P(X=0)={\frac {\binom {100-5}{45}}{\binom {100}{45}}}={\frac {\frac {95!}{50!}}{\frac {100!}{55!}}}={\frac {95\times 94\times \cdots \times 51}{100\times 99\times \cdots \times 56}}={\frac {55\times 54\times 53\times 52\times 51}{100\times 99\times 98\times 97\times 96}}=4.6\%

Application to Texas hold'em poker

In hold'em poker players make the best hand they can combining the two cards in their hand with the 5 cards (community cards) eventually turned up on the table. The deck has 52 and there are 13 of each suit. For this example assume a player has 2 clubs in the hand and there are 3 cards showing on the table, 2 of which are also clubs. The player would like to know the probability of one of the next 2 cards to be shown being a club to complete the flush.
(Note that the probability calculated in this example assumes no information is known about the cards in the other players' hands; however, experienced poker players may consider how the other players place their bets (check, call, raise, or fold) in considering the probability for each scenario. Strictly speaking, the approach to calculating success probabilities outlined here is accurate in a scenario where there is just one player at the table; in a multiplayer game this probability might be adjusted somewhat based on the betting play of the opponents.)

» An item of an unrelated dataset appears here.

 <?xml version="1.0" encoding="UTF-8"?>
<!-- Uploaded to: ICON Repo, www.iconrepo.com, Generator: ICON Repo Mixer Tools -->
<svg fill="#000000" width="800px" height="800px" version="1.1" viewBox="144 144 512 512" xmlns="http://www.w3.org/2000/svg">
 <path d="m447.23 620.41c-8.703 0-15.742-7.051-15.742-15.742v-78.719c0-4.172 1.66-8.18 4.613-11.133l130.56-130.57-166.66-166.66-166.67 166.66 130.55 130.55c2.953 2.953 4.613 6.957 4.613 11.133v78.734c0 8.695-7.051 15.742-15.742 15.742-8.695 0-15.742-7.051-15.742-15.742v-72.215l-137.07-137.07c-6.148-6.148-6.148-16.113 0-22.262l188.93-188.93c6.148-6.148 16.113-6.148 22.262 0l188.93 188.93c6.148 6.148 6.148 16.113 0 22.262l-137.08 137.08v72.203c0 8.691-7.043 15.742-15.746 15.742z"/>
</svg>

There are 4 clubs showing so there are 9 still unseen. There are 5 cards showing (2 in the hand and 3 on the table) so there are $52-5=47$ still unseen.

The probability that one of the next two cards turned is a club can be calculated using hypergeometric with $k=1,n=2,K=9$ and $N=47$ . (about 31.6%)

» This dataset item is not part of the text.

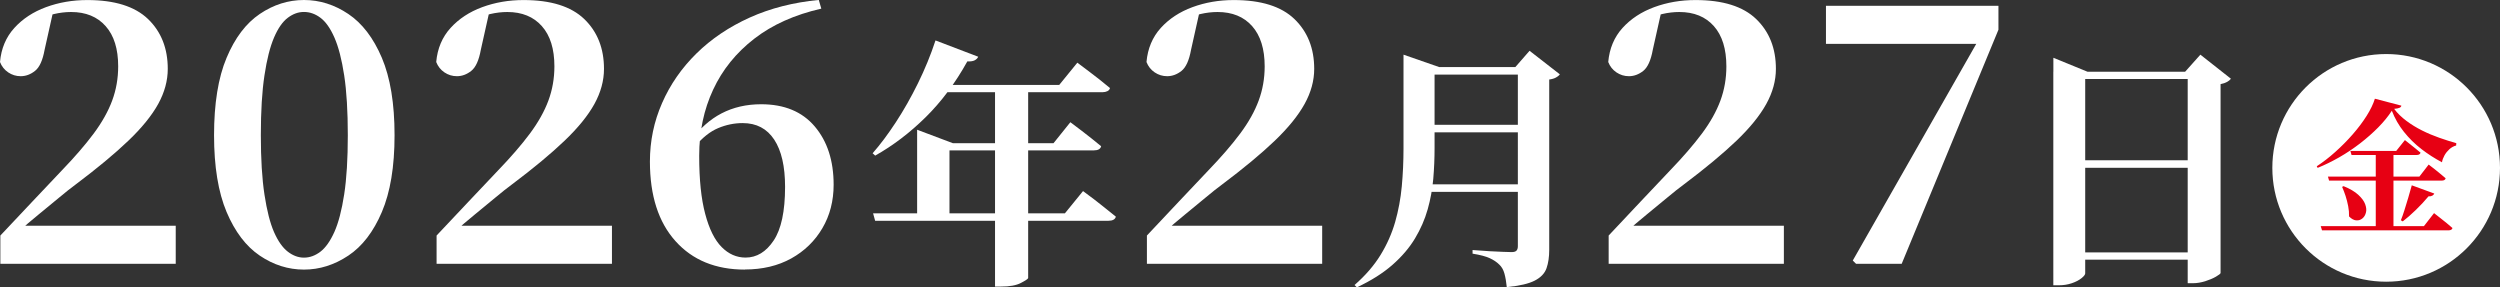 <?xml version="1.0" encoding="UTF-8"?><svg id="_レイヤー_2" xmlns="http://www.w3.org/2000/svg" width="482.95" height="55.51" viewBox="0 0 482.95 55.51"><rect x="0" y="0" width="482.95" height="55.51" fill="#333333" stroke="none"/><defs><style>.cls-1{fill:#e70013;}.cls-2{fill:#fff;}</style></defs><g id="_レイヤー_1-2"><path class="cls-2" d="M.07,50.96v-5.46c2.1-2.24,4.17-4.43,6.2-6.58,2.03-2.15,3.91-4.13,5.63-5.95,2.52-2.61,4.58-5,6.2-7.17,1.61-2.17,2.8-4.29,3.57-6.37.77-2.08,1.16-4.28,1.16-6.61,0-3.36-.8-5.95-2.42-7.77-1.61-1.82-3.84-2.73-6.68-2.73-1.07,0-2.17.13-3.29.39-1.12.26-2.29.71-3.5,1.36l3.29-1.68-1.61,7.21c-.37,2.05-.99,3.42-1.86,4.1-.86.68-1.78,1.02-2.76,1.02-.89,0-1.69-.25-2.42-.74-.72-.49-1.25-1.15-1.58-2,.23-2.61,1.16-4.81,2.77-6.58,1.61-1.77,3.65-3.11,6.12-4.02,2.47-.91,5.13-1.37,7.98-1.37,5.27,0,9.18,1.22,11.73,3.67,2.54,2.45,3.81,5.66,3.81,9.62,0,2.29-.62,4.55-1.85,6.79-1.24,2.24-3.16,4.61-5.78,7.11-2.61,2.5-6,5.31-10.15,8.43-.89.65-1.95,1.49-3.18,2.52-1.24,1.03-2.55,2.11-3.96,3.26s-2.78,2.32-4.13,3.53l.77-2.38.07,1.05h29.75v7.35H.07Z"/><path class="cls-2" d="M58.72,52.08c-3.03,0-5.88-.9-8.54-2.7s-4.79-4.61-6.41-8.43c-1.61-3.83-2.42-8.77-2.42-14.84s.8-11.1,2.42-14.94c1.61-3.85,3.75-6.67,6.41-8.47,2.66-1.8,5.51-2.7,8.54-2.7s5.89.9,8.57,2.7c2.68,1.8,4.84,4.62,6.48,8.47,1.63,3.85,2.45,8.83,2.45,14.94s-.82,11.01-2.45,14.84c-1.63,3.83-3.79,6.64-6.48,8.43s-5.54,2.7-8.57,2.7ZM58.72,49.77c1.12,0,2.18-.39,3.18-1.15,1-.77,1.9-2.04,2.7-3.82.79-1.77,1.42-4.19,1.89-7.25.47-3.06.7-6.87.7-11.44s-.23-8.47-.7-11.55c-.47-3.08-1.1-5.52-1.89-7.31-.79-1.8-1.69-3.07-2.7-3.82-1-.75-2.06-1.12-3.18-1.12s-2.11.37-3.12,1.12c-1,.75-1.89,2.02-2.66,3.82-.77,1.8-1.39,4.23-1.85,7.31-.47,3.08-.7,6.93-.7,11.55s.23,8.4.7,11.48c.47,3.08,1.08,5.5,1.85,7.25.77,1.75,1.66,3.01,2.66,3.78,1,.77,2.04,1.15,3.12,1.15Z"/><path class="cls-2" d="M84.34,50.96v-5.46c2.1-2.24,4.17-4.43,6.2-6.58,2.03-2.15,3.91-4.13,5.63-5.95,2.52-2.61,4.58-5,6.2-7.17,1.61-2.17,2.8-4.29,3.57-6.37.77-2.08,1.16-4.28,1.16-6.61,0-3.36-.8-5.95-2.42-7.77-1.61-1.82-3.84-2.73-6.68-2.73-1.07,0-2.17.13-3.29.39-1.12.26-2.29.71-3.5,1.36l3.29-1.68-1.61,7.21c-.37,2.05-.99,3.42-1.86,4.1-.86.68-1.78,1.02-2.76,1.02-.89,0-1.69-.25-2.42-.74-.72-.49-1.25-1.15-1.58-2,.23-2.61,1.16-4.81,2.77-6.58,1.61-1.77,3.65-3.11,6.12-4.02,2.47-.91,5.13-1.37,7.98-1.37,5.27,0,9.18,1.22,11.73,3.67,2.54,2.45,3.81,5.66,3.81,9.62,0,2.29-.62,4.55-1.85,6.79-1.24,2.24-3.16,4.61-5.78,7.11-2.61,2.5-6,5.31-10.15,8.43-.89.65-1.95,1.49-3.18,2.52-1.24,1.03-2.55,2.11-3.96,3.26s-2.78,2.32-4.13,3.53l.77-2.38.07,1.05h29.75v7.35h-33.88Z"/><path class="cls-2" d="M143.9,52.08c-5.65,0-10.12-1.83-13.41-5.5-3.29-3.66-4.94-8.79-4.94-15.37,0-3.97.78-7.73,2.35-11.3,1.56-3.57,3.78-6.77,6.65-9.59,2.87-2.82,6.3-5.13,10.29-6.93,3.99-1.8,8.44-2.93,13.33-3.4l.49,1.68c-5.13,1.17-9.45,3.1-12.95,5.81-3.5,2.71-6.15,5.98-7.94,9.83-1.8,3.85-2.7,8.11-2.7,12.77s.38,8.32,1.16,11.24c.77,2.92,1.83,5.05,3.18,6.41s2.89,2.03,4.62,2.03c2.15,0,3.96-1.1,5.42-3.29,1.47-2.19,2.21-5.65,2.21-10.36,0-3.97-.7-7.01-2.1-9.14-1.4-2.12-3.43-3.19-6.09-3.19-1.63,0-3.22.33-4.76.98-1.54.65-3.01,1.82-4.41,3.5l-1.47-1.05h.63c3.36-4.71,7.89-7.07,13.58-7.07,4.48,0,7.93,1.43,10.36,4.3,2.43,2.87,3.64,6.62,3.64,11.24,0,3.13-.72,5.93-2.17,8.4-1.45,2.47-3.45,4.42-6.02,5.85-2.57,1.42-5.55,2.13-8.96,2.13Z"/><path class="cls-2" d="M180.72,7.81l8.25,3.15c-.13.3-.37.53-.7.7s-.8.23-1.4.2c-2.33,4.2-5.02,7.8-8.07,10.8-3.05,3-6.29,5.47-9.73,7.4l-.5-.45c1.47-1.67,2.96-3.66,4.48-5.98,1.52-2.32,2.94-4.82,4.27-7.52,1.33-2.7,2.47-5.47,3.4-8.3ZM168.67,41.21h37.05l3.5-4.3c.87.63,1.62,1.2,2.27,1.7.65.5,1.33,1.04,2.05,1.62.72.58,1.39,1.12,2.02,1.62-.13.53-.62.8-1.45.8h-45.05l-.4-1.45ZM177.17,27.66v-2.6l6.9,2.6h-.65v14.5h-6.25v-14.5ZM180.77,16.41h23.85l3.5-4.3c.8.6,1.53,1.15,2.2,1.65s1.36,1.03,2.08,1.6c.72.57,1.39,1.12,2.03,1.65-.07.27-.23.47-.5.6s-.57.2-.9.2h-32.95l.7-1.4ZM180.57,27.66h22.95l3.25-4.05c.8.6,1.52,1.14,2.15,1.62.63.48,1.28.99,1.95,1.52.67.53,1.28,1.03,1.85,1.5-.13.53-.6.8-1.4.8h-30.75v-1.4ZM192.22,16.41h6.4v37.3c-.03.17-.5.48-1.4.95-.9.47-2.18.7-3.85.7h-1.15V16.41Z"/><path class="cls-2" d="M221.56,50.96v-5.46c2.1-2.24,4.16-4.43,6.19-6.58,2.03-2.15,3.91-4.13,5.63-5.95,2.52-2.61,4.58-5,6.2-7.17s2.8-4.29,3.57-6.37c.77-2.08,1.16-4.28,1.16-6.61,0-3.36-.81-5.95-2.42-7.77-1.61-1.82-3.84-2.73-6.69-2.73-1.07,0-2.17.13-3.29.39-1.12.26-2.29.71-3.5,1.36l3.29-1.68-1.61,7.21c-.37,2.05-.99,3.42-1.85,4.1-.86.68-1.79,1.02-2.76,1.02-.89,0-1.69-.25-2.42-.74-.72-.49-1.25-1.15-1.58-2,.23-2.61,1.16-4.81,2.76-6.58,1.61-1.77,3.65-3.11,6.12-4.02,2.47-.91,5.13-1.37,7.98-1.37,5.27,0,9.18,1.22,11.72,3.67,2.54,2.45,3.82,5.66,3.82,9.62,0,2.29-.62,4.55-1.86,6.79-1.24,2.24-3.16,4.61-5.77,7.11-2.61,2.5-6,5.31-10.15,8.43-.89.65-1.95,1.49-3.18,2.52-1.24,1.03-2.56,2.11-3.96,3.26-1.4,1.14-2.78,2.32-4.13,3.53l.77-2.38.07,1.05h29.75v7.35h-33.88Z"/><path class="cls-2" d="M271.13,12.96v-2.4l6.9,2.4h-.9v15.65c0,1.97-.08,3.94-.25,5.93-.17,1.98-.53,3.95-1.08,5.9-.55,1.95-1.37,3.82-2.45,5.62-1.08,1.8-2.53,3.5-4.35,5.1-1.82,1.6-4.11,3.05-6.88,4.35l-.45-.45c2.1-1.83,3.77-3.77,5.02-5.8,1.25-2.03,2.19-4.16,2.83-6.38.63-2.22,1.06-4.52,1.28-6.9.22-2.38.33-4.82.33-7.32v-15.7ZM273.68,35.61h22.4v1.45h-22.4v-1.45ZM273.83,12.96h22.3v1.45h-22.3v-1.45ZM273.83,24.11h22.3v1.45h-22.3v-1.45ZM293.23,12.96h-.5l2.75-3.15,5.85,4.55c-.13.2-.38.4-.72.6s-.79.33-1.33.4v32.9c0,1.37-.17,2.55-.52,3.55-.35,1-1.11,1.8-2.28,2.4-1.17.6-2.97,1.02-5.4,1.25-.1-1-.25-1.87-.45-2.6-.2-.73-.53-1.32-1-1.75-.47-.47-1.08-.88-1.83-1.23-.75-.35-1.86-.64-3.33-.88v-.7c1.3.1,2.4.17,3.3.23.9.05,1.75.09,2.55.12.8.03,1.37.05,1.7.05.47,0,.78-.1.95-.3.17-.2.25-.48.25-.85V12.96Z"/><path class="cls-2" d="M310.76,50.96v-5.46c2.1-2.24,4.16-4.43,6.19-6.58,2.03-2.15,3.91-4.13,5.63-5.95,2.52-2.61,4.58-5,6.2-7.17s2.8-4.29,3.57-6.37c.77-2.08,1.15-4.28,1.15-6.61,0-3.36-.8-5.95-2.41-7.77-1.61-1.82-3.84-2.73-6.69-2.73-1.07,0-2.17.13-3.29.39-1.12.26-2.29.71-3.5,1.36l3.29-1.68-1.61,7.21c-.37,2.05-.99,3.42-1.85,4.1-.86.68-1.79,1.02-2.76,1.02-.89,0-1.69-.25-2.42-.74-.72-.49-1.25-1.15-1.58-2,.23-2.61,1.16-4.81,2.76-6.58,1.61-1.77,3.65-3.11,6.12-4.02,2.47-.91,5.13-1.37,7.98-1.37,5.27,0,9.18,1.22,11.72,3.67,2.54,2.45,3.81,5.66,3.81,9.62,0,2.29-.62,4.55-1.86,6.79s-3.16,4.61-5.77,7.11c-2.62,2.5-6,5.31-10.15,8.43-.89.65-1.95,1.49-3.18,2.52-1.24,1.03-2.56,2.11-3.96,3.26-1.4,1.14-2.78,2.32-4.13,3.53l.77-2.38.07,1.05h29.75v7.35h-33.88Z"/><path class="cls-2" d="M358.55,50.96l-.63-.63,25.41-44.59v3.85l-.7-1.12h-29.89V1.12h33.32v4.62l-18.69,45.22h-8.82Z"/><path class="cls-2" d="M396.67,13.86v-2.7l6.6,2.7h22.9v1.4h-23.35v37.55c0,.23-.23.54-.7.92-.47.38-1.09.71-1.88.98-.78.27-1.62.4-2.53.4h-1.05V13.86ZM399.52,30.96h25.95v1.45h-25.95v-1.45ZM399.52,48.76h25.95v1.4h-25.95v-1.4ZM422.62,13.86h-.5l2.95-3.3,5.9,4.65c-.17.23-.42.44-.75.62-.33.18-.75.33-1.25.42v36.5c-.03.13-.33.37-.9.7-.57.33-1.26.62-2.07.88-.82.25-1.61.38-2.38.38h-1V13.86Z"/><circle class="cls-2" cx="460.96" cy="32.43" r="21.99"/><path class="cls-1" d="M462.05,21.4c-.69,1.06-1.56,2.13-2.62,3.21-1.06,1.07-2.23,2.1-3.51,3.09-1.29.99-2.63,1.89-4.03,2.69-1.4.8-2.79,1.48-4.17,2.04l-.17-.31c1.18-.77,2.37-1.68,3.57-2.76,1.2-1.07,2.33-2.21,3.37-3.4,1.04-1.19,1.94-2.38,2.69-3.57.75-1.19,1.28-2.29,1.6-3.32l5.12,1.34c-.04.19-.16.33-.38.42-.21.09-.56.16-1.02.2.65.86,1.44,1.63,2.37,2.32.92.69,1.93,1.31,3.01,1.85,1.08.54,2.19,1.01,3.33,1.41,1.14.4,2.24.75,3.3,1.05l-.03.45c-.49.13-.92.37-1.3.71-.38.35-.7.74-.95,1.19s-.42.9-.49,1.34c-1.38-.73-2.71-1.58-3.98-2.56-1.27-.98-2.39-2.09-3.37-3.32-.98-1.23-1.76-2.59-2.34-4.09ZM448.31,43.69h19.94l1.96-2.52c.47.37.89.7,1.26.99.37.29.77.6,1.18.94s.78.65,1.12.95c-.07.3-.35.45-.81.45h-24.39l-.25-.81ZM449.71,34.11h17.67l1.79-2.32c.45.34.84.64,1.19.92.35.28.7.57,1.08.88.37.31.71.59,1.01.85-.07.3-.33.45-.76.45h-21.76l-.22-.78ZM452.73,35.96c1.23.5,2.18,1.06,2.84,1.67.66.61,1.11,1.21,1.33,1.81.22.6.28,1.14.15,1.62-.12.49-.35.87-.7,1.15-.35.28-.74.4-1.19.36-.45-.04-.91-.29-1.37-.76.02-.65-.04-1.32-.17-1.99-.13-.67-.3-1.33-.5-1.96-.21-.63-.43-1.22-.67-1.76l.28-.14ZM454.05,29.16h8.85l1.68-2.1c.67.54,1.25,1,1.72,1.37.48.37.91.73,1.3,1.06-.08.3-.33.45-.76.45h-12.57l-.22-.78ZM458.95,29.35h3.42v14.67h-3.42v-14.67ZM465.89,35.79l4.37,1.6c-.07.17-.21.3-.39.41-.19.1-.43.15-.73.13-.75.9-1.56,1.77-2.45,2.63-.89.86-1.73,1.6-2.53,2.21l-.36-.22c.22-.54.45-1.19.69-1.95.23-.76.48-1.55.73-2.38.25-.83.48-1.64.69-2.42Z"/></g></svg>

The probability that both of the next two cards turned are clubs can be calculated using hypergeometric with $k=2,n=2,K=9$ and $N=47$ . (about 3.3%)

The probability that neither of the next two cards turned are clubs can be calculated using hypergeometric with $k=0,n=2,K=9$ and $N=47$ . (about 65.0%)

Symmetries

Swapping the roles of green and red marbles:

f(k;N,K,n)=f(n-k;N,N-K,n)

Swapping the roles of drawn and not drawn marbles:

f(k;N,K,n)=f(K-k;N,K,N-n)

Swapping the roles of green and drawn marbles:

f(k;N,K,n)=f(k;N,n,K)

Hypergeometric test

The hypergeometric test uses the hypergeometric distribution to measure the statistical significance of having drawn a sample consisting of a specific number of $k$ successes (out of $n$ total draws) from a population of size $N$ containing $K$ successes. In a test for over-representation of successes in the sample, the hypergeometric p-value is calculated as the probability of randomly drawing $k$ or more successes from the population in $n$ total draws. In a test for under-representation, the p-value is the probability of randomly drawing $k$ or fewer successes.

Relationship to Fisher's exact test

Biologist and statistician Ronald Fisher

The test based on the hypergeometric distribution (hypergeometric test) is identical to the corresponding one-tailed version of Fisher's exact test^[4] ). Reciprocally, the p-value of a two-sided Fisher's exact test can be calculated as the sum of two appropriate hypergeometric tests (for more information see^[5] ).

Order of draws

The probability of drawing any set of green and red marbles (the hypergeometric distribution) depends only on the numbers of green and red marbles, not on the order in which they appear; i.e., it is an exchangeable distribution. As a result, the probability of drawing a green marble in the $i^{\text{th}}$ draw is^[6]

P(G_{i})={\frac {K}{N}}.

This is an ex ante probability—that is, it is based on not knowing the results of the previous draws.

Related distributions

Let $X\sim \operatorname {Hypergeometric} (K,N,n)$ and $p=K/N$ .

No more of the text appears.